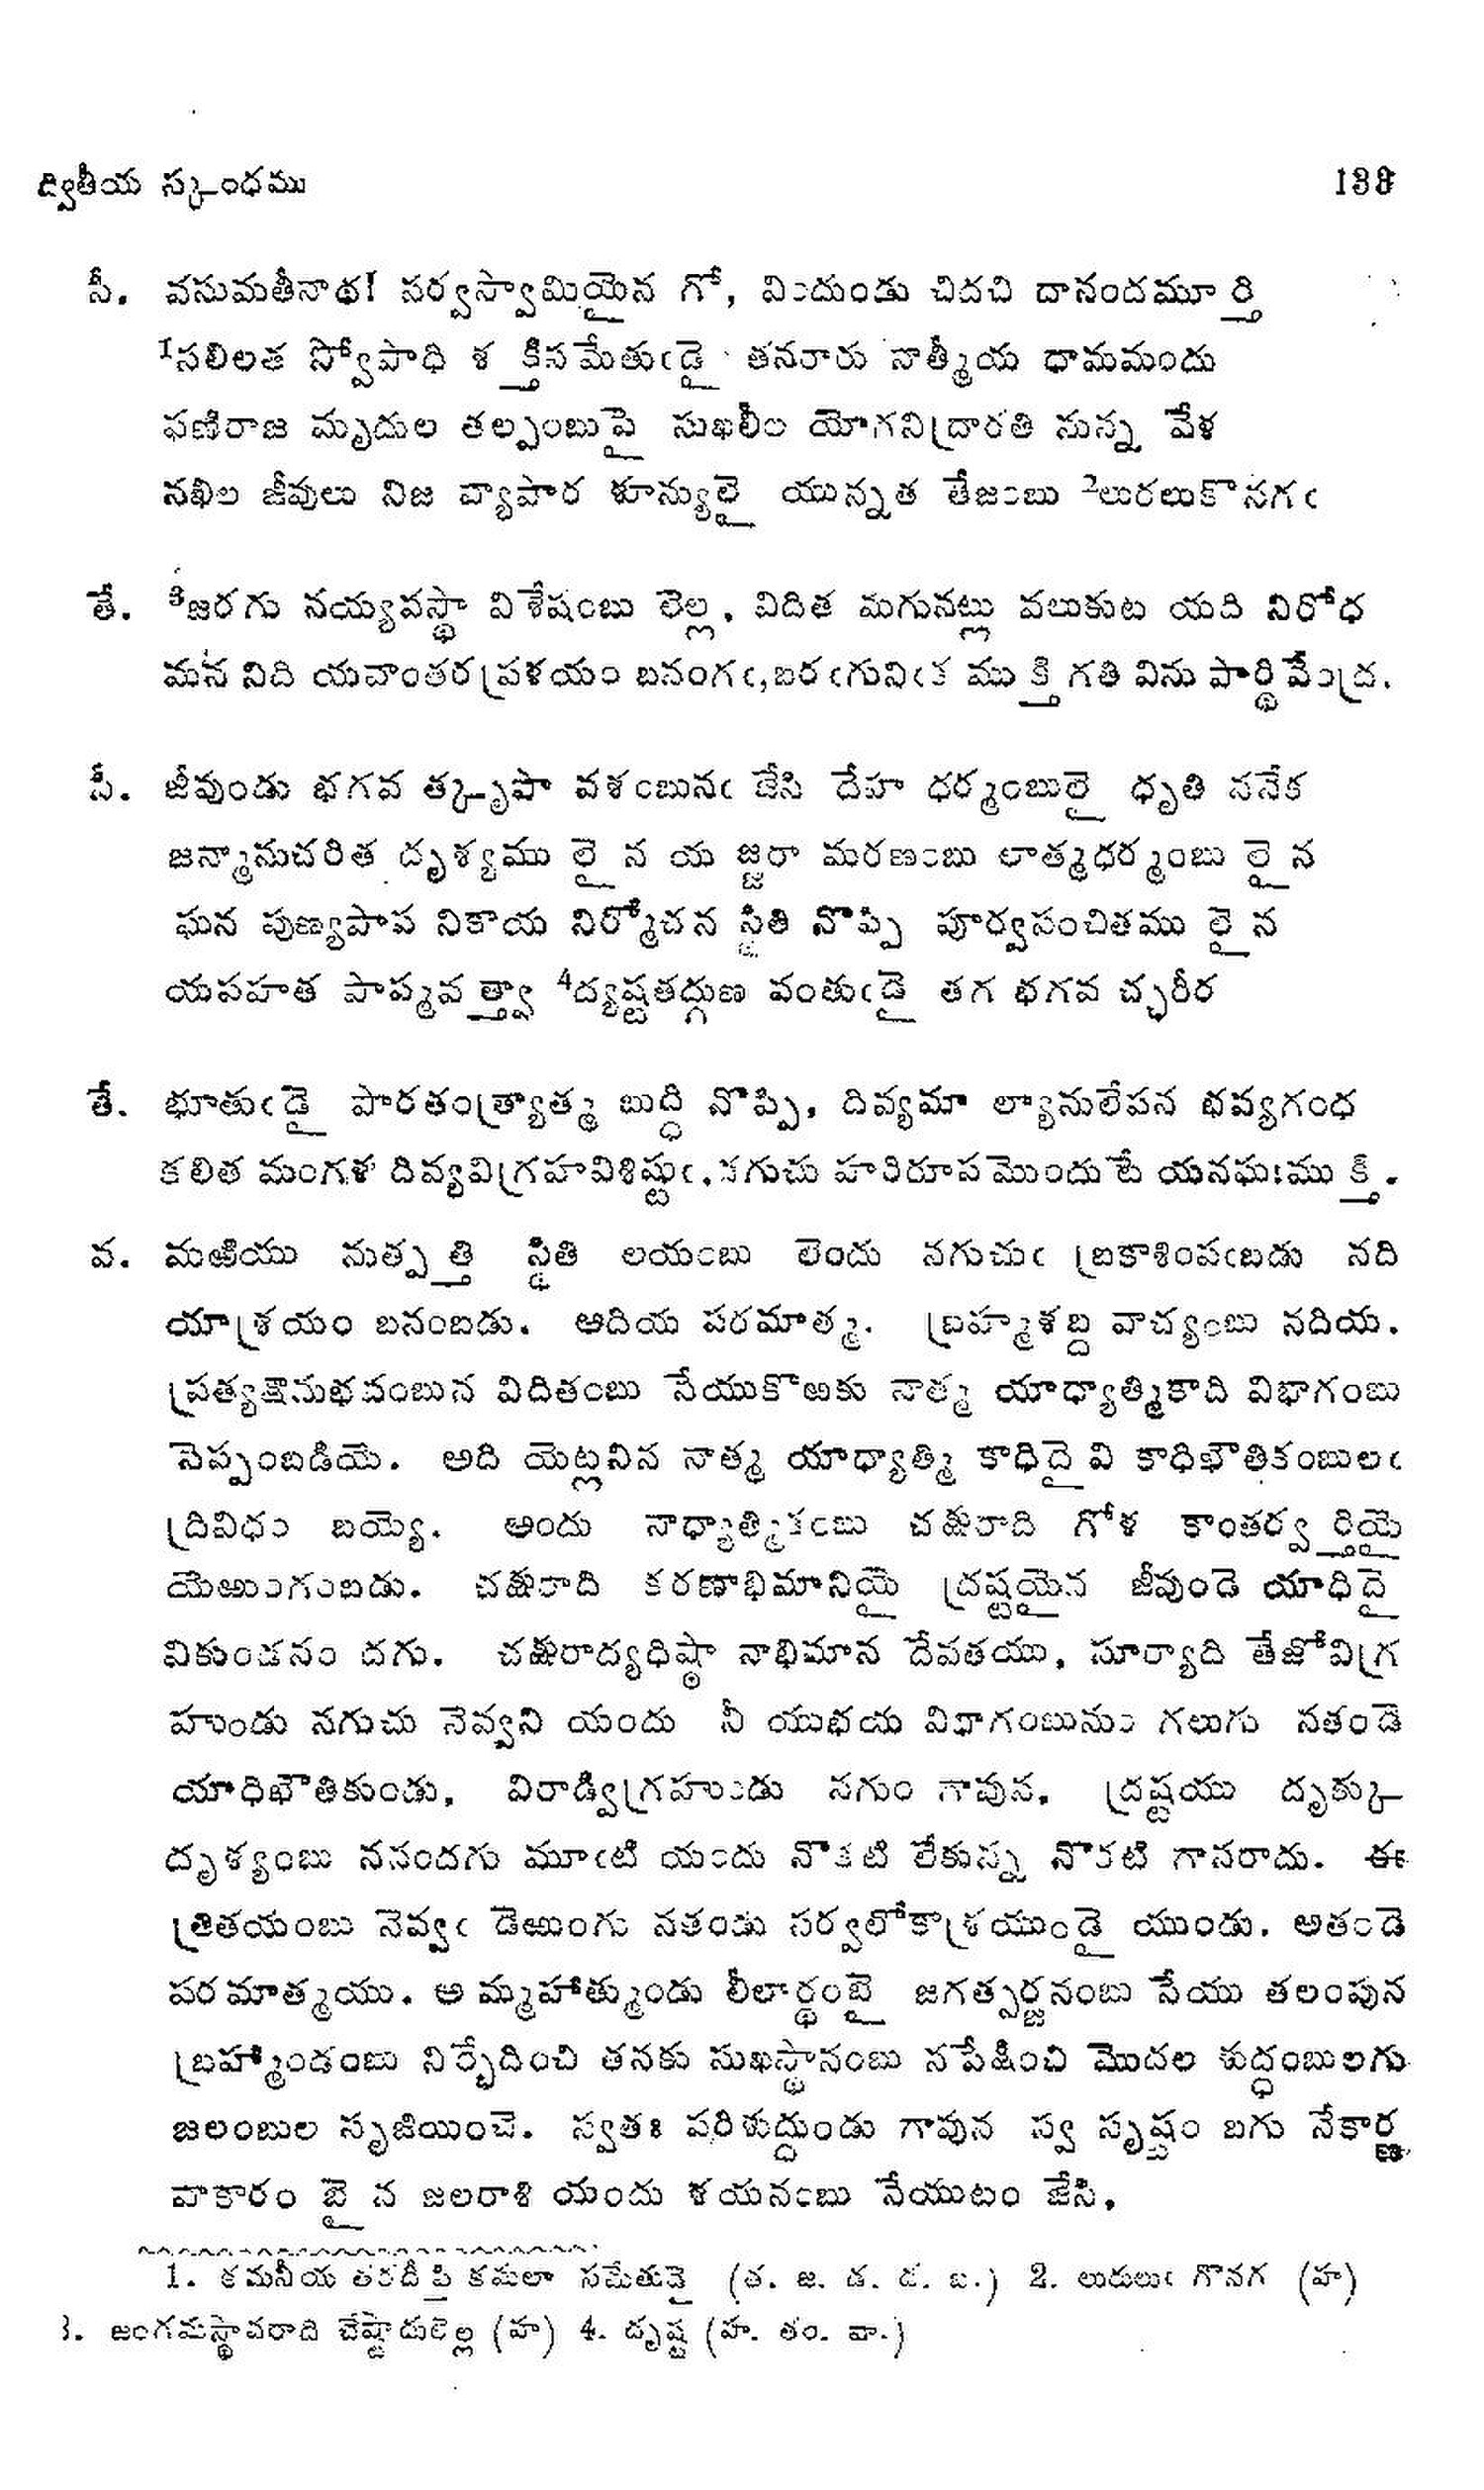133

సీ. వసుమతీనాథ! సర్వస్వామియైన గో, విందుండు చిదచి దానందమూర్తి

సలలిత స్వోపాధి శక్తిసమేతుఁడై తనరారు నాత్మీయ ధామమందు

ఫణిరాజు మృదుల తల్పంబుపై సుఖలీల యోగనిద్రారతి నున్న వేళ

నఖిల జీవులు నిజ వ్యాపార శూన్యులై యున్నత తేజంబు లురలుకొనగఁ

తే. జరగు నయ్యవస్థా విశేషంబు లెల్ల, విదిత మగునట్లు వలుకుట యది నిరోధ

మన నిది యవాంతరప్రళయం బనంగఁ, బరఁగునిఁక ముక్తిగతి విను పార్థివేంద్ర. (266)

సీ. జీవుండు భగవత్కృపా వశంబునఁ జేసి దేహ ధర్మంబులై ధృతి ననేక

జన్మానుచరిత దృశ్యము లైన య జ్జరా మరణంబు లాత్మధర్మంబు లైన

ఘన పుణ్యపాప నికాయ నిర్మోచన స్థితి నొప్పి పూర్వసంచితము లైన

యపహత పాప్మవత్త్వా ద్యష్టతద్గుణ వంతుఁడై తగ భగవ చ్ఛరీర

తే. భూతుఁడై పారతంత్య్రాత్మ బుద్ధి నొప్పి, దివ్యమా ల్యానులేపన భవ్యగంధ

కలిత మంగళ దివ్యవిగ్రహవిశిష్టుఁ, డగుచు హరిరూపమొందుటే యనుఘ! ముక్తి. (267)

వ. మఱియు నుత్పత్తి స్థితి లయంబు లెందు నగుచుఁ బ్రకాశింపఁబడు నది యాశ్రయంబనంబడు. అదియ పరమాత్మ. బ్రహ్మశబ్ద వాచ్యంబు నదియ. ప్రత్యక్షాను భవంబున విదితంబు 

సేయుకొఱకు నాత్మ యాధ్యాత్మికాది విభాగంబు సెప్పంబడియె. అది యెట్లనిన నాత్మ యాధ్యాత్మి కాధిదైవి కాధిభౌతికంబులఁ ద్రివధంబయ్యె. అందు నాధ్యాత్మికంబు చక్షురాది గోళ 

కాంతర్వర్తియై యెఱుంగంబడు. చక్షురాది కరణాభిమానియై ద్రష్టయైన జీవుండె యాధిదైవికుండనం దగు. చక్షురాద్యధిష్ఠా నాభిమాన దేవతయు, సూర్యాది తేజోవిగ్రహుండు న్గుచు నెవ్వని 

యందు నీ యుభయ విభాగంబునుం గలుగు నతండె యాధిభౌతికుండు, విరాడ్వి గ్రహుండు నగుం గావున, ద్రష్టము దృక్కు దృశ్యంబు ననందగు మూఁటి యందు నొకటి లేకున్న నొకటి 

గానరాదు. ఈ త్రితయంబు నెవ్వఁ డెఱుంగునతండు సర్వలోకాశ్రయుండై యుండు. అతండె పరమాత్మయు. అ మ్మహాత్ముండు లీలర్థంబై జగత్సర్జనంబు సేయు తలంపున బ్రహ్మాండంబు 

నిర్భేదించి తనకు సుఖస్థానంబు నపేక్షించి మొదల శుద్ధంబులగు జలంబుల సృజియించె. స్వతః పరిశుద్ధుండు గావున స్వ సృష్టం బగు నేకార్ణ వాకారం బైన జలరాశి యందు శయనంబు 

సేయుటం జేసి.
=-=-=-=-=
> **Task to complete**
Set down all of the material word for word, but keep each picture out.

> **Response below**
133

సీ. వసుమతీనాథ! సర్వస్వామియైన గో, విందుండు చిదచి దానందమూర్తి

సలలిత స్వోపాధి శక్తిసమేతుఁడై తనరారు నాత్మీయ ధామమందు

ఫణిరాజు మృదుల తల్పంబుపై సుఖలీల యోగనిద్రారతి నున్న వేళ

నఖిల జీవులు నిజ వ్యాపార శూన్యులై యున్నత తేజంబు లురలుకొనగఁ

తే. జరగు నయ్యవస్థా విశేషంబు లెల్ల, విదిత మగునట్లు వలుకుట యది నిరోధ

మన నిది యవాంతరప్రళయం బనంగఁ, బరఁగునిఁక ముక్తిగతి విను పార్థివేంద్ర. (266)

సీ. జీవుండు భగవత్కృపా వశంబునఁ జేసి దేహ ధర్మంబులై ధృతి ననేక

జన్మానుచరిత దృశ్యము లైన య జ్జరా మరణంబు లాత్మధర్మంబు లైన

ఘన పుణ్యపాప నికాయ నిర్మోచన స్థితి నొప్పి పూర్వసంచితము లైన

యపహత పాప్మవత్త్వా ద్యష్టతద్గుణ వంతుఁడై తగ భగవ చ్ఛరీర

తే. భూతుఁడై పారతంత్య్రాత్మ బుద్ధి నొప్పి, దివ్యమా ల్యానులేపన భవ్యగంధ

కలిత మంగళ దివ్యవిగ్రహవిశిష్టుఁ, డగుచు హరిరూపమొందుటే యనుఘ! ముక్తి. (267)

వ. మఱియు నుత్పత్తి స్థితి లయంబు లెందు నగుచుఁ బ్రకాశింపఁబడు నది యాశ్రయంబనంబడు. అదియ పరమాత్మ. బ్రహ్మశబ్ద వాచ్యంబు నదియ. ప్రత్యక్షాను భవంబున విదితంబు 

సేయుకొఱకు నాత్మ యాధ్యాత్మికాది విభాగంబు సెప్పంబడియె. అది యెట్లనిన నాత్మ యాధ్యాత్మి కాధిదైవి కాధిభౌతికంబులఁ ద్రివధంబయ్యె. అందు నాధ్యాత్మికంబు చక్షురాది గోళ 

కాంతర్వర్తియై యెఱుంగంబడు. చక్షురాది కరణాభిమానియై ద్రష్టయైన జీవుండె యాధిదైవికుండనం దగు. చక్షురాద్యధిష్ఠా నాభిమాన దేవతయు, సూర్యాది తేజోవిగ్రహుండు న్గుచు నెవ్వని 

యందు నీ యుభయ విభాగంబునుం గలుగు నతండె యాధిభౌతికుండు, విరాడ్వి గ్రహుండు నగుం గావున, ద్రష్టము దృక్కు దృశ్యంబు ననందగు మూఁటి యందు నొకటి లేకున్న నొకటి 

గానరాదు. ఈ త్రితయంబు నెవ్వఁ డెఱుంగునతండు సర్వలోకాశ్రయుండై యుండు. అతండె పరమాత్మయు. అ మ్మహాత్ముండు లీలర్థంబై జగత్సర్జనంబు సేయు తలంపున బ్రహ్మాండంబు 

నిర్భేదించి తనకు సుఖస్థానంబు నపేక్షించి మొదల శుద్ధంబులగు జలంబుల సృజియించె. స్వతః పరిశుద్ధుండు గావున స్వ సృష్టం బగు నేకార్ణ వాకారం బైన జలరాశి యందు శయనంబు 

సేయుటం జేసి.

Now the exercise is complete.